:: Records shown

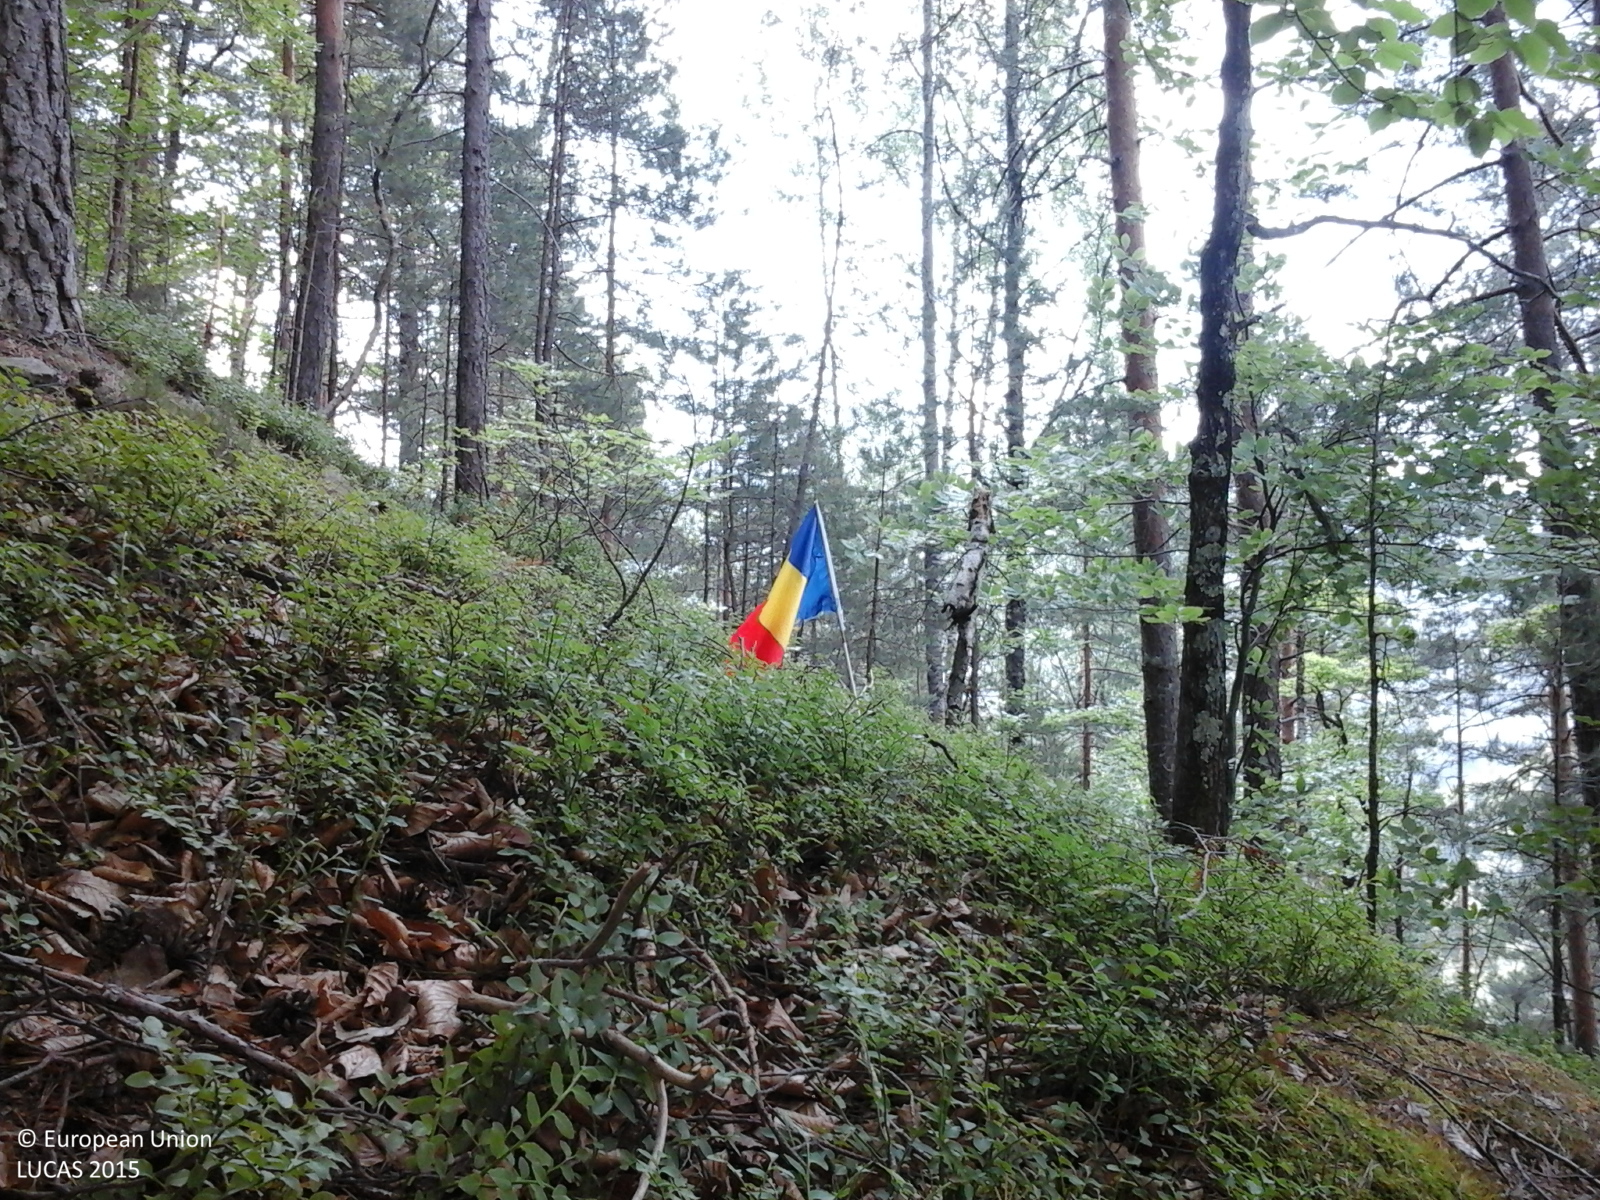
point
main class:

::::
:: Records shown

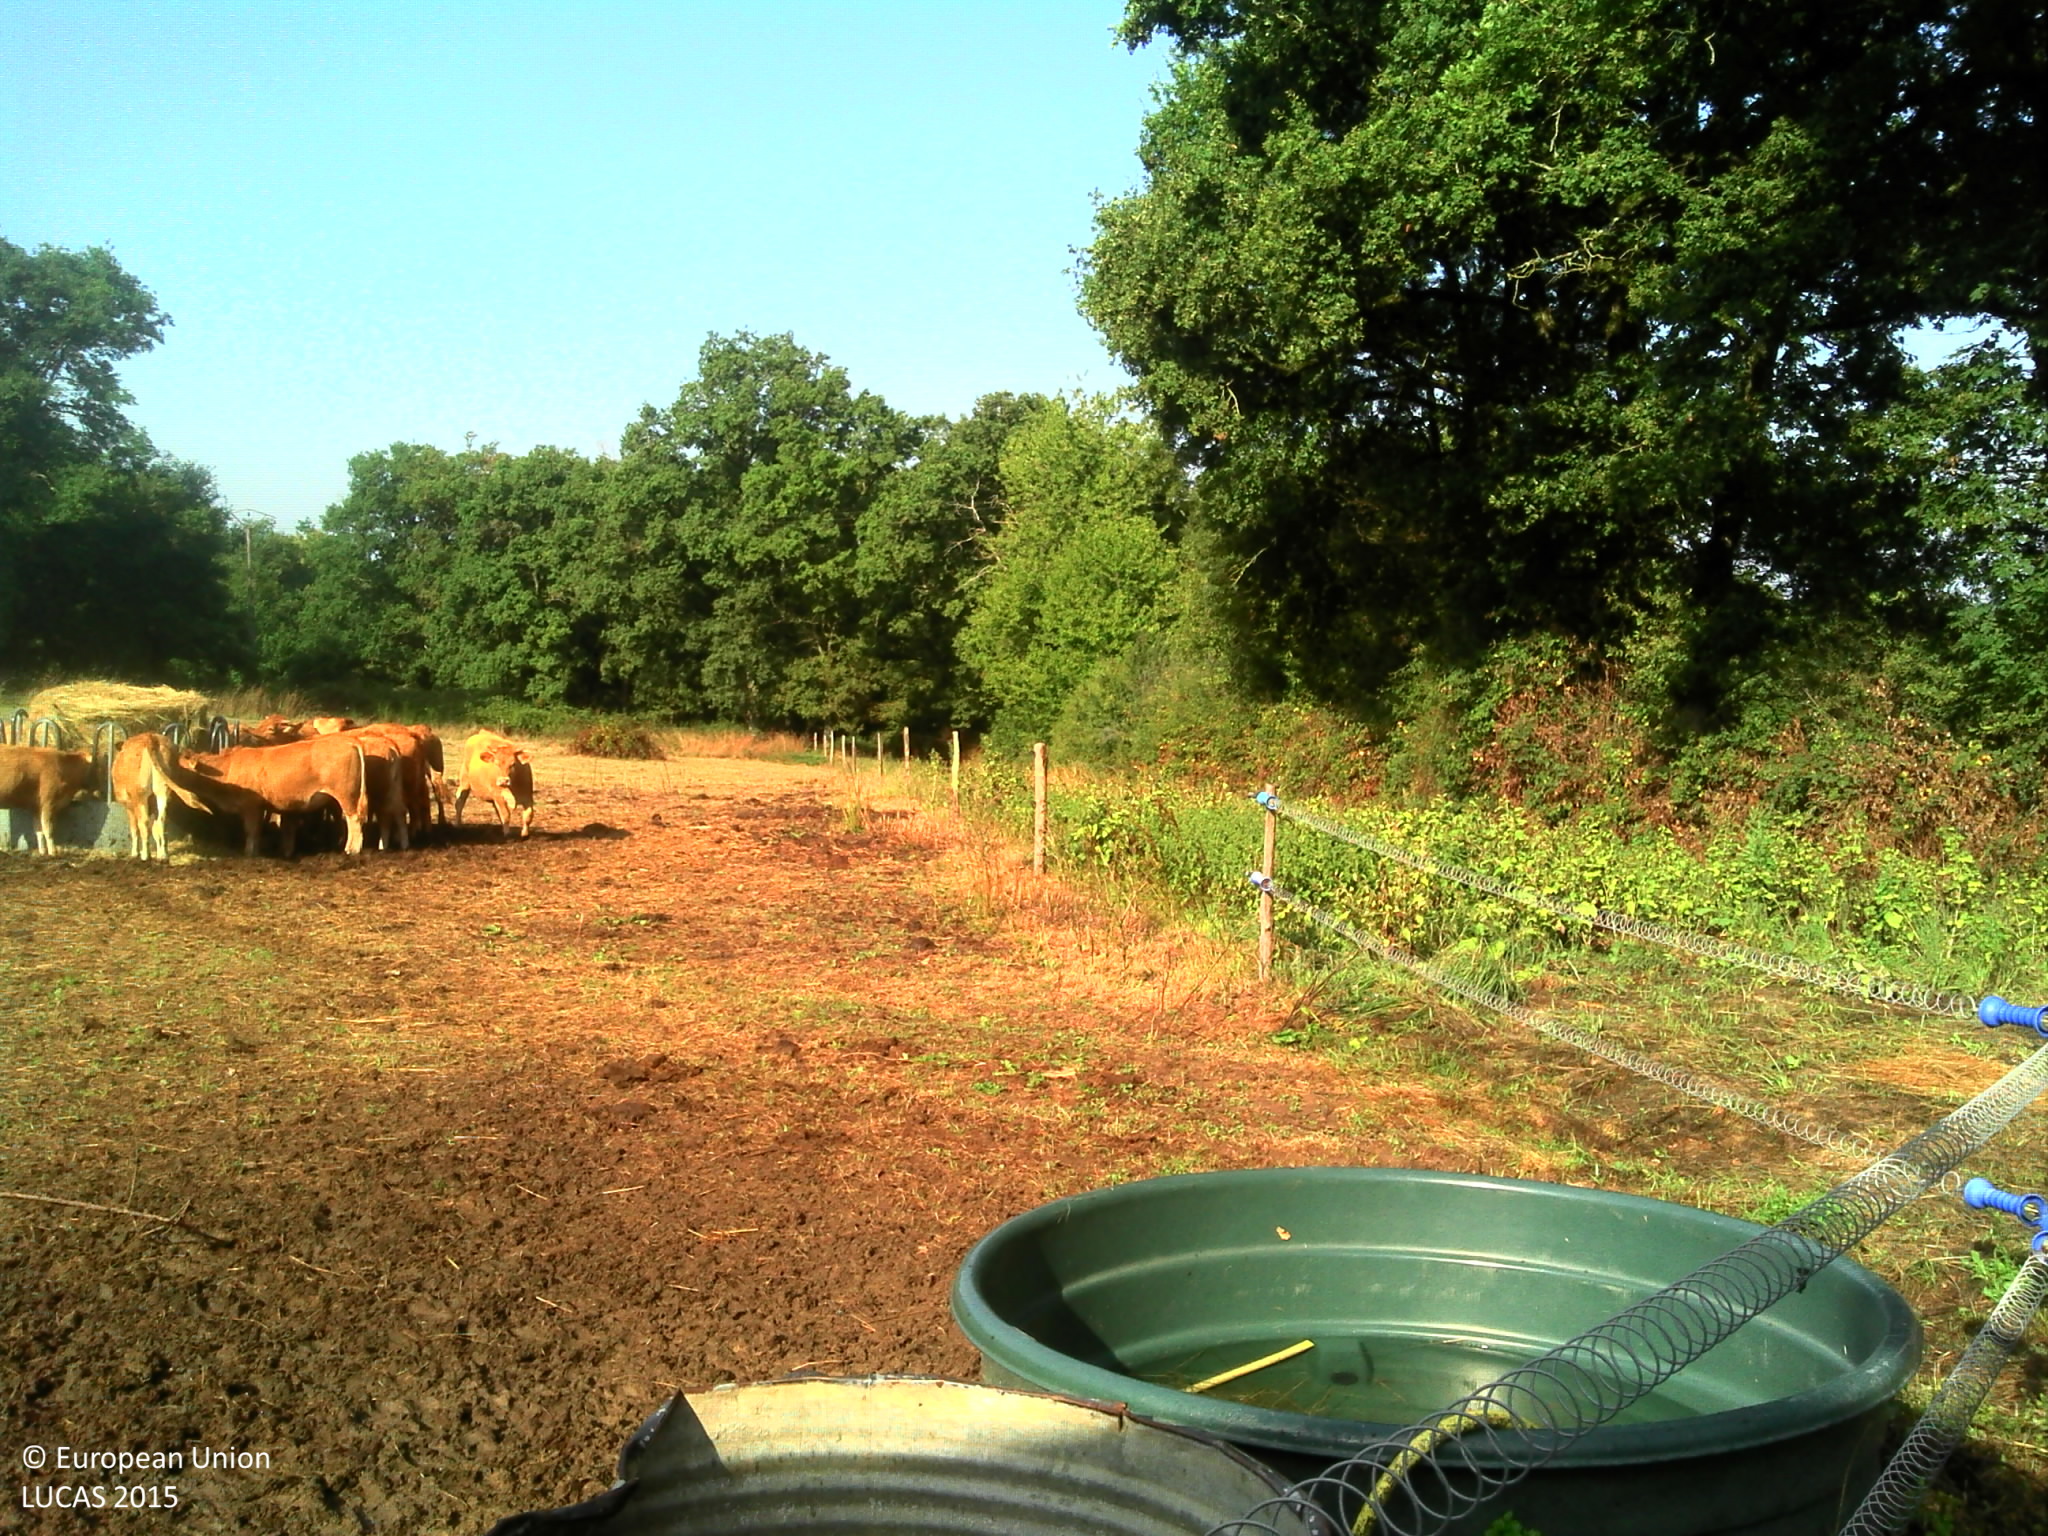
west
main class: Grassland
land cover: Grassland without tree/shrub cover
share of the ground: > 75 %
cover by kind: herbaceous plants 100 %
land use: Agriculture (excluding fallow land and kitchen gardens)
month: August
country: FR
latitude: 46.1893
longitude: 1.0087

::::
:: Records shown

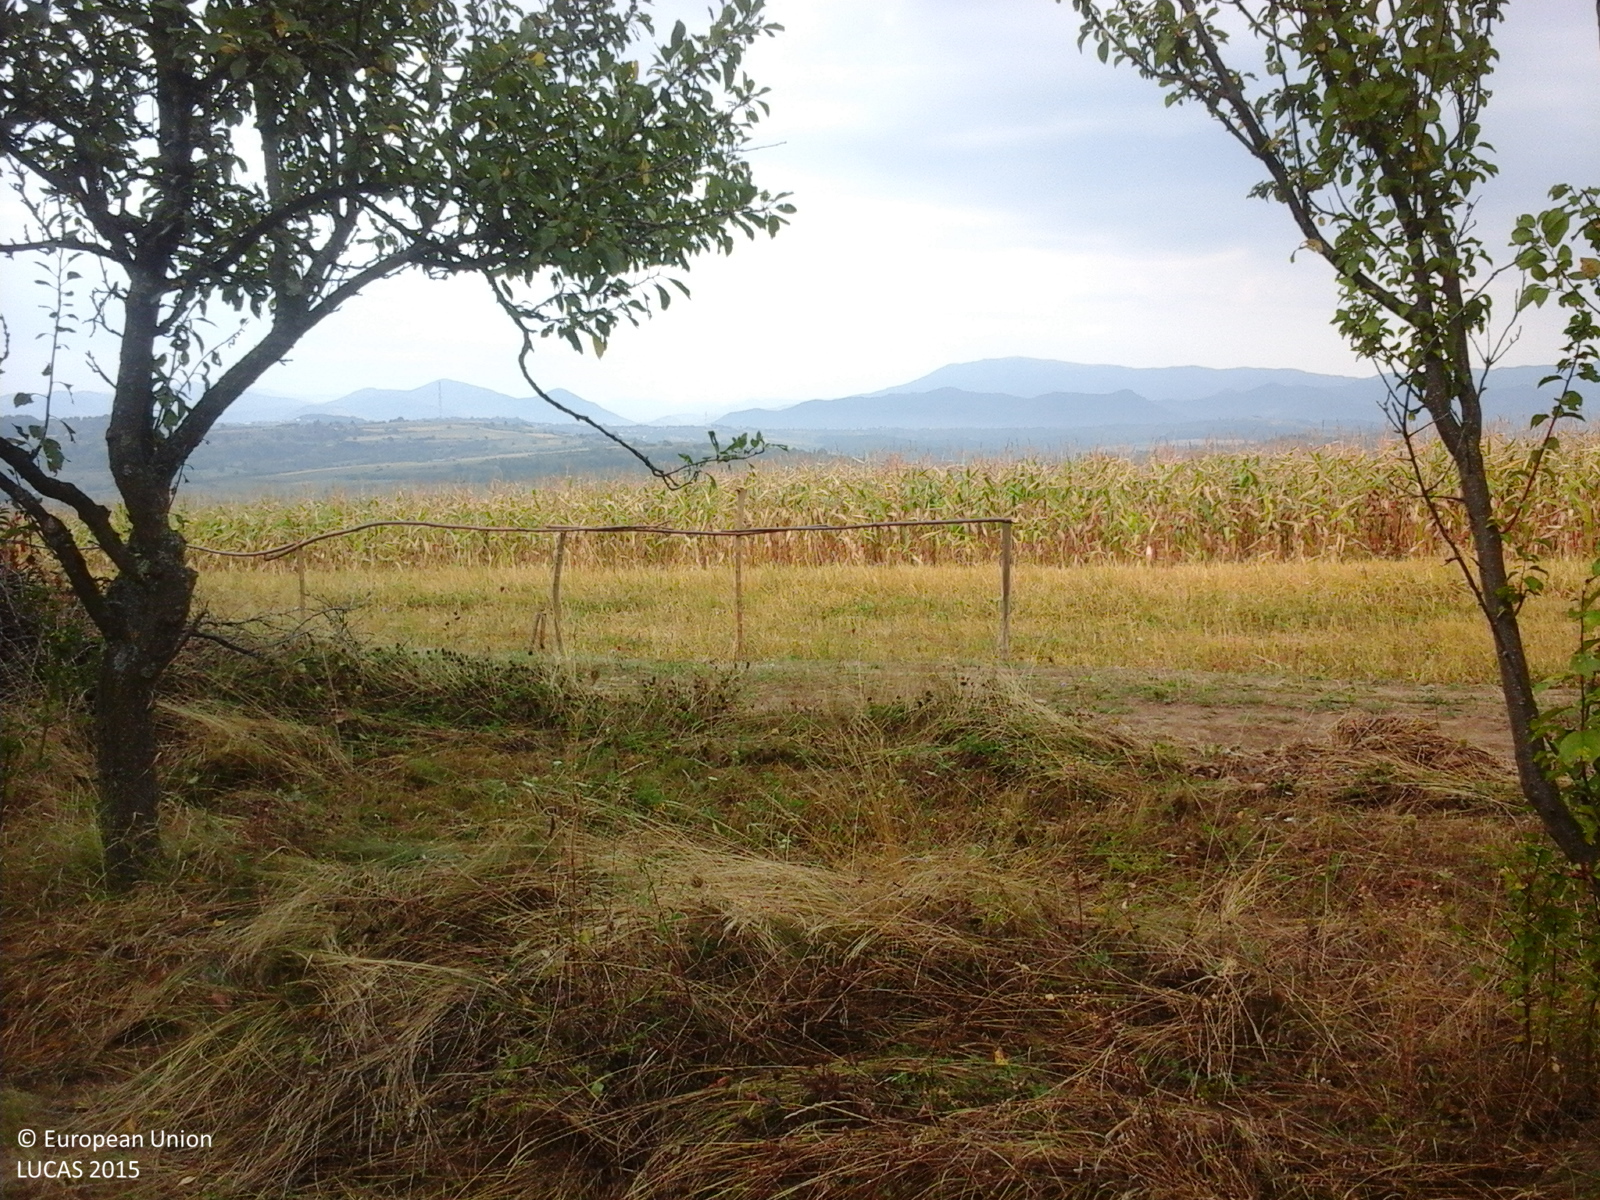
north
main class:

::::

Only the lines above from the line containing "cover by kind: herbaceous plants 100 %" through the line containing "longitude: 1.0087" should be retyped, exactly and with both ends included.

cover by kind: herbaceous plants 100 %
land use: Agriculture (excluding fallow land and kitchen gardens)
month: August
country: FR
latitude: 46.1893
longitude: 1.0087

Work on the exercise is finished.